The employer admitted it skipped a step in its own process. It still kept the dismissal
A worker was filmed six metres up with no harness. He was fired the same day - and the tribunal agreed.
In a decision handed down on May 29, 2026, the Fair Work Commission upheld the sacking of a mining electrician who climbed onto the roof of a mobile mining unit, outside the safety rails and roughly 6.1 metres off the ground, with no harness, permit or rescue plan in place.
The ruling is a useful read for any HR or work health and safety lead who has ever wondered how much a procedural slip-up can cost in an unfair dismissal case.
Jamie Hollinshead worked for Murray Zircon Pty Ltd, a South Australian mineral sands and metals miner, from March 2024 until July 2025. On July 14, 2025, while trying to fix a booster pump, he decided to remove an antenna from a Mobile Mining Unit. To get to it, he climbed up and stood on the roof.
A worker from another contractor on site saw him, took a photo, and reported it. The image made its way to Murray Zircon. The next morning Hollinshead was shown the photo and stood down on full pay. By that evening he had been dismissed for serious misconduct.
Hollinshead did not dispute the conduct. He argued the dismissal was harsh, disproportionate and procedurally unfair, and he asked for his job back, pointing to a clean record, full cooperation and a willingness to retrain.
Commissioner Thornton was not swayed. The Commissioner found the company had a valid reason to dismiss. Hollinshead had been trained to work at heights and knew the company's "Golden Rules," which he agreed should never be broken. One of those rules reads: "I will only work at height if trained to do so with fall protection, a spotter and a rescue plan in place." He had none.
The most instructive part for HR is the process - because the employer's was not flawless.
The Commissioner accepted that Murray Zircon skipped a step in its own policy. That policy says an employee should get a chance to explain why termination is not appropriate before a final call is made. The investigation team gathered records, checked his training and pulled past safety cases, but never put that material to Hollinshead or asked him to argue against dismissal before deciding. The company's HR and work health and safety manager agreed in evidence that this had not happened. The Commissioner said it "adds some weight to a finding of unfairness."
It still was not enough. Weighed against the seriousness of the breach, the procedural gap did not tip the result. The entire process took one day, and Hollinshead argued that the speed showed the outcome was decided in advance. The Commissioner disagreed, calling the investigation "thorough and efficient" because the conduct was specific and admitted.

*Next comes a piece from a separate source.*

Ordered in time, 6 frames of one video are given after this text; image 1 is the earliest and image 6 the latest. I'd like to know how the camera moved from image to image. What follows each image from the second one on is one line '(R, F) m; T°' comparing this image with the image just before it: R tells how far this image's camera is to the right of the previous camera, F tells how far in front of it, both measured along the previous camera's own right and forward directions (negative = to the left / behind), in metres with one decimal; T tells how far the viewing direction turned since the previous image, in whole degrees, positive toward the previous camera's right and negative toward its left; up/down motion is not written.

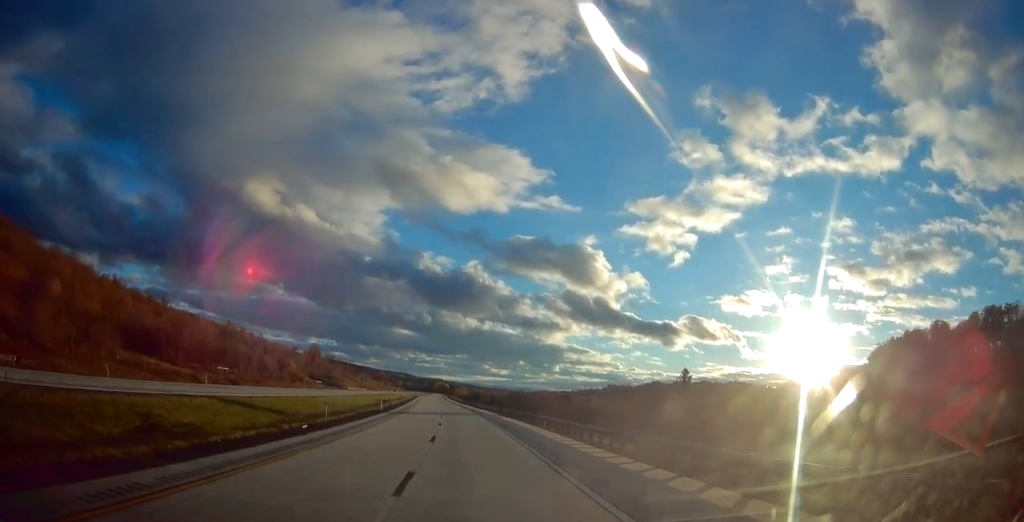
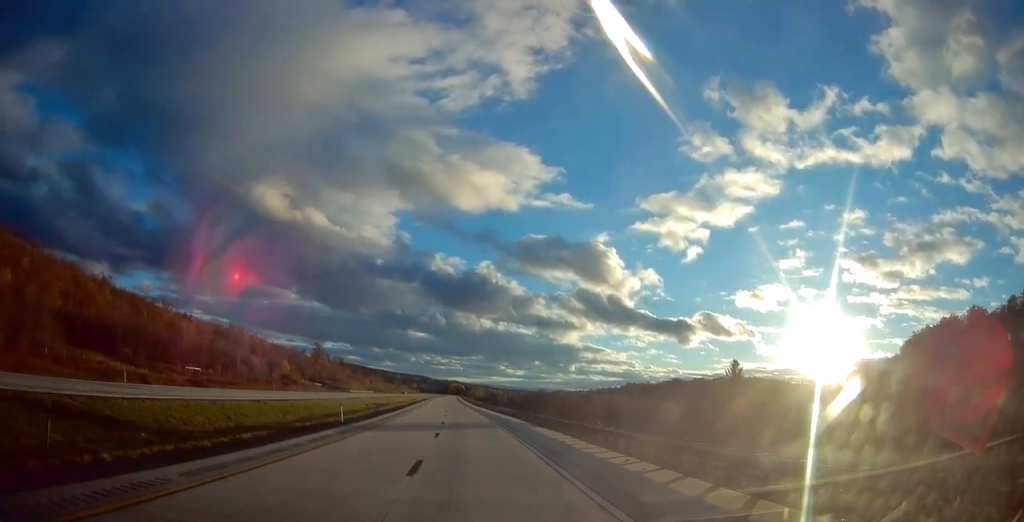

Credibility also cut against him. His written statement the day after the incident said he had completed a "Take 5" safety check and climbed over the handrails. Under cross-examination he said the Take 5 was actually done the next day by his co-worker, and that he had climbed up framework not built for climbing. The Commissioner found the inconsistencies suggested he "was not entirely honest in his reporting of the incident the day after it occurred."
Company size played a role too. Murray Zircon accepted it was large enough, with a dedicated HR department, that it could not rely on the leeway the law sometimes extends to smaller, less-resourced employers.
The takeaways are practical. An admitted, serious safety breach can justify summary dismissal, even on a first offence and even when no one is hurt. A fast investigation is not automatically unfair if the facts are clear and the worker gets to respond. But skipping a step written into your own policy is a genuine risk. Here it counted against the employer, and on a closer set of facts it could decide the case. The lesson for HR: follow your own process to the letter - especially the part where the employee gets to argue against the outcome before you finalise it.